Le rendez-vous de la gentry avant la Seconde guerre mondiale s'élargit après-guerre à la classe populaire. Le site sera partiellement détruit par la tempête de 1970

En dépit de la digue nord du Boucau, les courants contraires et successifs ont entraîné une érosion pérenne dont les effets ont conduit, d'une part à l'aggravation de l'ensablement de l'entrée du port de Bayonne, d'autre part à l'effondrement de l'hôtel Marinella, fierté du littoral et de la plage du même nom.
Il est suivi dans sa détresse par la piscine des établissements de bains et des cabines adjacentes. Le coup est rude pour la gentry et les snobs pour lesquels ce lieu, qui jouxtait les ébats des masses populaires, affirmait à la fois leur différence et leur encanaillement.

C'est grâce à la photo de famille que je découvrirai le visage de Fernande Chaix (épouse du sous-lieutenant Pierre Saubadine), côté branche grand-paternelle, et de Marie Duclau, née Lucassou, ma grand-mère maternelle, toutes deux décédées très vite après ma naissance, m'empêchant de grandir à l'ombre de leur affection. Mon grand-père Pierre, quant à lui, avait disparu sept ans auparavant. Pour l'éducation de base, je peux compter sur ma marraine Berthe Laudebat, sœur d'André Duclau qui est une ancienne institutrice, tandis que mon parrain, que tout le monde appelle affectueusement tonton Chaix - car il est l'oncle de mon père -, affermira mon goût pour les livres.


Le cliché ci-dessous a été pris avant juste avant les fiançailles de mes parents dans la cour de Marylaur, la maison familiale.


Debout de g. à d. : André Duclau (grand-père maternel), Mme Laborde (mère de ma tante par alliance Paulette), Jean-Marc "No" Saubadine (mon père), mémé Chaix (mère de ma grand-mère Fernande Saubadine), Jeanne-Thérèse "Ninou" Duclau (ma mère), Berthe Lucassou épouse Laudebat (belle-sœur d'André Duclau et ma marraine) et son mari Pierre.

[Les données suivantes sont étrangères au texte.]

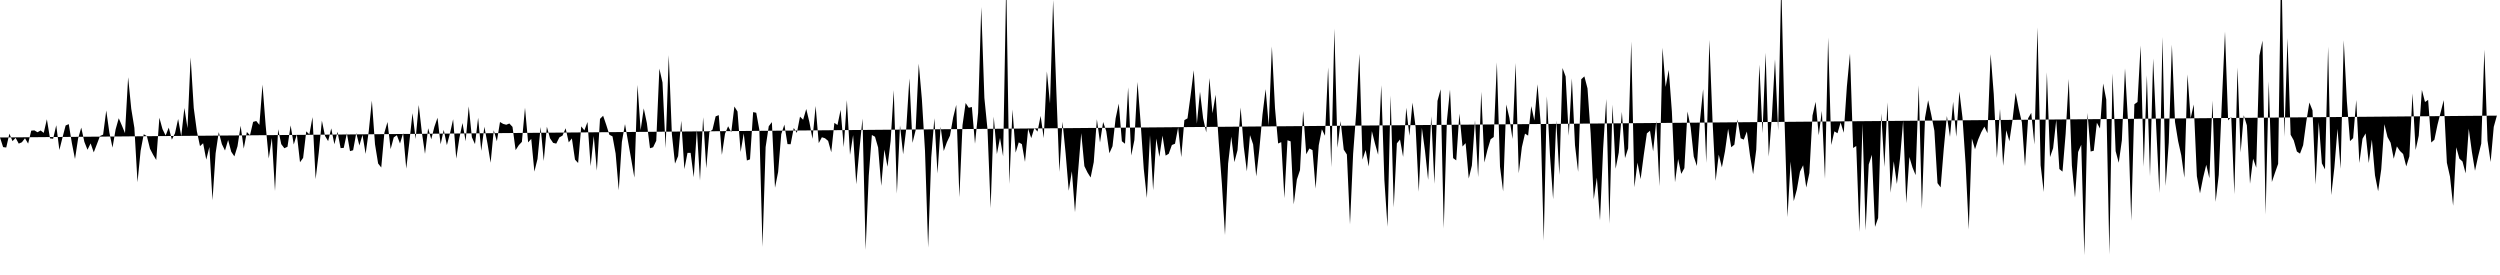 <svg viewBox="0 0 200 22" >
<polyline points="0,11 0.25,11.77 0.50,11.80 0.75,10.69 1,11.29 1.25,11.03 1.50,11.49 1.75,11.38 2,11.06 2.25,11.49 2.50,10.45 2.75,10.43 3,10.58 3.25,10.44 3.50,10.63 3.75,9.54 4,11.07 4.25,11.10 4.50,10.02 4.75,12 5,11 5.25,10.04 5.50,9.93 5.75,11.45 6,12.72 6.25,11.07 6.50,10.21 6.75,11.35 7,11.98 7.25,11.47 7.50,12.19 7.75,11.54 8,10.88 8.25,10.77 8.50,8.84 8.75,10.61 9,11.81 9.25,10.35 9.50,9.46 9.75,10.04 10,10.65 10.25,6.18 10.50,8.70 10.75,10.23 11,14.58 11.25,12.06 11.50,10.74 11.75,10.89 12,11.90 12.25,12.38 12.50,12.80 12.75,9.42 13,10.33 13.25,10.84 13.50,10.21 13.75,11.17 14,10.66 14.25,9.52 14.50,10.90 14.75,8.64 15,10.25 15.25,4.59 15.50,8.64 15.75,10.50 16,11.69 16.25,11.46 16.50,12.77 16.75,11.76 17,16.02 17.25,12.26 17.50,10.57 17.75,11.53 18,12.04 18.25,11.20 18.50,12.14 18.75,12.51 19,11.70 19.25,10.06 19.50,11.89 19.75,10.56 20,10.82 20.25,9.75 20.50,9.68 20.75,9.99 21,6.77 21.25,10 21.50,12.68 21.75,11.04 22,15.28 22.25,10.34 22.50,11.53 22.75,11.86 23,11.74 23.25,10.03 23.50,11.56 23.75,10.75 24,12.98 24.25,12.63 24.50,10.51 24.75,10.75 25,9.37 25.25,14.33 25.50,12.22 25.75,9.65 26,10.87 26.25,11.29 26.50,10.27 26.75,11.54 27,10.55 27.25,11.85 27.50,11.83 27.75,10.66 28,12.09 28.25,12.02 28.50,10.64 28.75,11.64 29,10.79 29.25,12.31 29.50,10.50 29.75,8.05 30,11.54 30.25,13.08 30.50,13.40 30.75,10.62 31,9.76 31.25,11.93 31.50,10.99 31.75,10.82 32,11.48 32.25,10.65 32.50,13.49 32.75,11.36 33,9.05 33.25,11.12 33.50,8.40 33.75,10.60 34,12.31 34.25,10.26 34.50,11.14 34.75,10.15 35,9.42 35.25,11.54 35.50,10.39 35.75,11.61 36,10.66 36.25,9.54 36.50,12.69 36.75,11.04 37,9.84 37.25,11.30 37.50,8.51 37.75,10.98 38,11.53 38.25,9.42 38.50,12.07 38.75,10.14 39,11.49 39.25,13.02 39.50,10.42 39.75,11.30 40,9.76 40.25,9.91 40.50,9.98 40.75,9.88 41,10.15 41.25,12.01 41.50,11.62 41.75,11.35 42,8.62 42.25,11.39 42.50,11.11 42.75,13.73 43,12.72 43.25,10.16 43.50,12.88 43.75,10.14 44,11.06 44.25,11.43 44.50,11.49 44.75,10.99 45,10.85 45.25,10.26 45.50,11.39 45.75,11.07 46,12.77 46.25,13.04 46.50,10.11 46.75,10.43 47,9.76 47.25,13.29 47.50,10.88 47.75,13.65 48,9.51 48.25,9.26 48.50,9.99 48.75,10.78 49,10.91 49.25,12.28 49.50,15.22 49.75,11.35 50,9.93 50.25,11.35 50.50,12.76 50.75,14.21 51,6.79 51.25,10.42 51.50,8.67 51.75,9.85 52,11.86 52.25,11.78 52.50,11.26 52.75,5.49 53,6.60 53.25,11.86 53.50,4.41 53.75,10.73 54,13.09 54.25,12.49 54.50,9.66 54.75,13.53 55,12.23 55.25,12.23 55.50,14.18 55.75,10.39 56,14.44 56.25,9.38 56.50,13.46 56.75,10.57 57,10.37 57.25,9.31 57.50,9.21 57.75,12.39 58,10.70 58.25,10.10 58.50,10.58 58.75,8.52 59,8.92 59.25,12.16 59.50,10.67 59.75,12.84 60,12.75 60.25,8.97 60.50,9.02 60.75,10.40 61,19.75 61.25,11.77 61.50,10.10 61.75,9.77 62,15.02 62.25,13.76 62.50,10.73 62.75,9.97 63,11.53 63.25,11.54 63.50,10.24 63.75,10.63 64,9.33 64.25,9.58 64.50,8.72 64.75,9.76 65,11.11 65.25,8.48 65.50,11.45 65.75,10.98 66,11.06 66.25,11.27 66.50,12.18 66.75,9.83 67,10 67.25,8.79 67.50,11.77 67.75,8.01 68,12.39 68.25,10.81 68.50,14.74 68.75,12 69,9.49 69.25,19.99 69.50,14.06 69.75,10.80 70,10.94 70.25,11.80 70.50,14.87 70.75,11.97 71,13.34 71.25,11.28 71.50,7.21 71.75,15.49 72,10.03 72.25,12.34 72.50,10.29 72.75,6.27 73,11.43 73.25,10.42 73.50,5.09 73.75,7.93 74,12.06 74.25,19.81 74.50,12.59 74.75,9.46 75,13.88 75.25,10.14 75.50,12.08 75.75,11.38 76,10.85 76.25,9.41 76.50,8.39 76.75,15.78 77,10.02 77.25,8.24 77.50,8.62 77.75,8.56 78,11.50 78.25,9.02 78.50,0.56 78.75,7.83 79,10.35 79.25,16.65 79.50,9.33 79.75,12.33 80,11.03 80.25,12.51 80.50,-1.58 80.75,14.72 81,8.76 81.25,12.21 81.50,11.39 81.75,11.53 82,12.95 82.25,10.31 82.50,11.05 82.75,10.23 83,10.53 83.25,9.27 83.50,11.05 83.75,5.71 84,8.28 84.25,-0 84.50,7.09 84.75,13.75 85,9.74 85.25,12.27 85.50,15.26 85.75,13.70 86,16.98 86.25,13.69 86.50,10.65 86.75,13.29 87,13.80 87.25,14.20 87.50,12.97 87.75,9.54 88,11.40 88.25,9.76 88.50,10.49 88.75,12.26 89,11.70 89.25,9.47 89.50,8.29 89.75,11.30 90,11.50 90.25,6.99 90.50,12.44 90.75,11.21 91,6.56 91.25,9.81 91.50,13.50 91.75,15.84 92,10.82 92.25,15.22 92.50,11.08 92.75,12.55 93,10.85 93.25,12.45 93.50,12.30 93.75,11.60 94,11.50 94.25,10.20 94.50,12.57 94.75,9.61 95,9.47 95.25,7.62 95.50,5.62 95.75,9.89 96,7.34 96.25,9.46 96.50,10.59 96.75,6.24 97,9.06 97.25,7.58 97.50,11.38 97.75,14.69 98,18.80 98.25,13.08 98.50,10.93 98.75,12.97 99,12.02 99.25,8.60 99.50,11.74 99.75,13.71 100,10.81 100.25,11.55 100.50,14.11 100.75,11.92 101,9.16 101.25,7.13 101.50,10.05 101.75,3.72 102,8.65 102.25,11.48 102.50,11.37 102.75,15.85 103,11.22 103.25,11.31 103.50,16.35 103.75,14.36 104,13.61 104.25,8.88 104.50,12.34 104.75,11.88 105,12.01 105.25,15.09 105.50,11.62 105.75,10.34 106,10.86 106.25,5.39 106.50,13.38 106.75,2.29 107,11.82 107.25,9.69 107.50,11.97 107.75,12.36 108,17.95 108.25,12.31 108.50,8.96 108.75,4.31 109,12.77 109.25,12 109.50,13.32 109.75,10.49 110,11.49 110.25,12.38 110.50,6.82 110.75,14.41 111,18.14 111.25,7.64 111.50,16.60 111.75,11.47 112,11.16 112.25,12.55 112.50,8.62 112.75,10.86 113,8.21 113.25,10.18 113.50,15.34 113.75,10.23 114,12.07 114.25,14.39 114.50,9.30 114.75,14.71 115,8.07 115.25,7.14 115.50,18.28 115.75,9.68 116,7.17 116.25,12.65 116.50,12.83 116.75,9.09 117,11.72 117.25,11.45 117.50,14.28 117.75,13.24 118,9.62 118.25,14.17 118.50,7.34 118.75,13 119,11.97 119.25,11.14 119.50,10.96 119.75,4.99 120,13.33 120.25,15.31 120.50,8.36 120.75,9.42 121,11.12 121.25,5.04 121.50,13.86 121.75,11.77 122,10.69 122.25,10.85 122.50,8.49 122.75,9.64 123,6.74 123.25,9.82 123.50,19.26 123.75,7.70 124,12.45 124.25,15.94 124.50,9.64 124.75,14 125,5.44 125.25,6.12 125.50,10.86 125.75,6.27 126,11.62 126.25,13.75 126.50,6.34 126.75,6.11 127,7.07 127.25,10.65 127.50,15.94 127.75,14.21 128,17.63 128.25,11.88 128.50,7.92 128.75,17.90 129,8.37 129.25,13.50 129.50,12.21 129.75,8.95 130,12.65 130.25,11.87 130.50,3.32 130.75,14.98 131,13.01 131.25,14.33 131.50,12.41 131.75,10.67 132,10.46 132.25,12.11 132.50,9.68 132.75,14.90 133,3.82 133.25,6.96 133.50,5.59 133.75,8.92 134,14.58 134.25,12.72 134.50,13.91 134.75,13.45 135,8.92 135.25,10.17 135.50,12.52 135.75,13.28 136,9.62 136.25,7.13 136.50,13.03 136.75,3.19 137,9.61 137.25,14.47 137.50,12.37 137.75,13.39 138,12.10 138.25,10.30 138.50,11.78 138.75,11.57 139,9.55 139.25,11.06 139.50,11.17 139.75,10.52 140,12.44 140.25,13.93 140.50,11.97 140.75,5.17 141,10.66 141.25,4.22 141.50,12.53 141.75,9.32 142,4.74 142.25,10.44 142.50,-1.45 142.75,9.24 143,17.37 143.25,12.92 143.50,16.09 143.75,15.16 144,13.73 144.25,13.22 144.50,15 144.75,13.84 145,9.24 145.25,8.15 145.50,10.82 145.75,8.87 146,14.31 146.25,3 146.50,11.60 146.75,10.51 147,10.66 147.25,9.80 147.50,10.62 147.75,6.92 148,4.29 148.25,11.84 148.50,11.68 148.75,18.56 149,9.89 149.25,18.43 149.50,13.16 149.75,12.38 150,18.15 150.25,17.44 150.50,9.07 150.75,13.36 151,8.19 151.25,15.42 151.50,12.90 151.75,14.72 152,12.69 152.25,9.66 152.50,16.26 152.75,12.56 153,13.40 153.25,14.01 153.50,6.82 153.75,16.73 154,9.43 154.25,8.02 154.50,9.18 154.75,10.46 155,14.65 155.25,14.99 155.50,11.92 155.75,9.28 156,10.95 156.25,8.14 156.50,10.94 156.75,7.32 157,9.42 157.25,13.14 157.50,18.36 157.75,11.08 158,11.94 158.25,11.17 158.50,10.58 158.75,10.13 159,10.65 159.25,4.33 159.50,7.53 159.75,12.64 160,8.71 160.25,13.27 160.50,10.42 160.75,11.30 161,9.61 161.25,7.42 161.50,8.71 161.75,9.79 162,13.30 162.25,9.46 162.50,9.03 162.75,11.56 163,2.19 163.25,13.22 163.50,15.36 163.75,5.78 164,12.57 164.25,11.85 164.50,9.59 164.75,13.52 165,13.73 165.25,10.71 165.50,6.32 165.75,13.24 166,15.81 166.25,12.16 166.50,11.58 166.75,20.42 167,9.03 167.25,12.12 167.50,12.06 167.75,9.82 168,10.28 168.25,6.68 168.50,7.96 168.75,20.36 169,5.88 169.25,12.09 169.50,13.02 169.75,11.22 170,5.47 170.25,9.89 170.50,17.66 170.75,8.34 171,8.16 171.25,3.64 171.50,13.34 171.75,6.02 172,14.11 172.25,4.68 172.50,10.25 172.75,15.44 173,2.96 173.25,14.88 173.50,11.41 173.75,3.57 174,9.76 174.25,11.29 174.50,12.42 174.75,14.22 175,5.95 175.25,9.46 175.50,8.36 175.75,14.10 176,15.47 176.25,14.21 176.50,13.18 176.75,14.26 177,8.05 177.25,16.15 177.50,14 177.75,8.14 178,2.53 178.25,9.63 178.50,9.36 178.75,15.54 179,5.40 179.25,12.20 179.50,9.22 179.75,10.03 180,14.70 180.25,12.69 180.50,13.42 180.75,4.46 181,3.25 181.25,17.17 181.50,6.51 181.75,14.56 182,13.82 182.25,13.11 182.50,-3.67 182.75,10.95 183,3.05 183.25,10.78 183.50,11.23 183.75,12.12 184,12.29 184.25,11.62 184.50,9.75 184.75,8.20 185,8.83 185.25,14.76 185.50,9.76 185.75,13.07 186,13.55 186.25,3.73 186.50,15.61 186.75,13.40 187,10.30 187.25,13.50 187.50,3.22 187.75,8.10 188,11.29 188.25,11.05 188.50,8 188.75,13.04 189,11.10 189.25,10.67 189.50,13.04 189.75,11.17 190,14.03 190.25,15.30 190.50,13.54 190.75,9.93 191,10.96 191.25,11.42 191.50,12.70 191.75,11.71 192,12.08 192.25,12.32 192.50,13.31 192.75,12.51 193,7.47 193.25,12 193.50,10.85 193.75,7.19 194,8.16 194.25,7.99 194.50,11.40 194.75,11.18 195,9.98 195.25,8.99 195.50,8.01 195.75,13.02 196,14.13 196.25,16.46 196.50,11.78 196.75,12.69 197,12.92 197.25,13.87 197.50,10.29 197.75,12.14 198,13.66 198.25,12.51 198.50,11.49 198.75,3.97 199,11.24 199.25,12.96 199.50,10.15 199.75,9.25 " />
</svg>

Assises : Fernande Chaix (sœur du colonel Chaix et grand-mère paternelle, épouse de Pierre Saubadine), Marie Lucassou (grand-mère maternelle, épouse d'André Duclau). Devant : Paulette Laborde (épouse de mon oncle Pierre "Peio" Duclau, qui prend la photo)

Très souvent le dimanche, nous allons rendre visite à l'oncle et à la tante de papa qui habitent à Saint-Martin-de-Seignanx dans les Landes, à une douzaine de kilomètres de Bayonne.
Tonton Chaix nous accueille, toujours en costume et cravate ou bien en gilet selon la saison, la tête couverte d'une feutre à passement noir. Il porte à la boutonnière la rosette de Commandeur de la Légion d'honneur. Je sais que son grade est colonel, qu'il s'est échappé d'un camp de prisonniers japonais pendant la Seconde guerre mondiale alors qu'il était en Indochine.


Mon parrain, le colonel Chaix, reçoit le cordon de Commandeur de la Légion d'Honneur des mains du colonel Fourcade, commandant la citadelle de Bayonne

Pour cette visite hebdomadaire, maman apporte beaucoup de soin à mon habille-ment. Je porte alors des pantalons gris, une chemise unie, une veste bleu-marine
avec pochette et boutons dorés à ancre, des chaussures vernies noires. La tenue
du dimanche.

Mon coin de prédilection est le fauteuil placé à côté du guéridon sur lequel je peux poser mon verre et la petite assiette contenant deux biscuits. Pour l'apéritif, j'ai droit à un verre de Moscatel ou de Porto dans lequel je trempe un petit-beurre Saint-Michel. C'est mon régal et je savoure. Tonton Chaix est un homme lettré et, dès que je suis entré au lycée - il est très fier que j'aie été admis en classe classique "antichambre des jeunes qui ont la tête bien faite" -, il m'a offert à chaque étrenne un ou deux prix littéraires.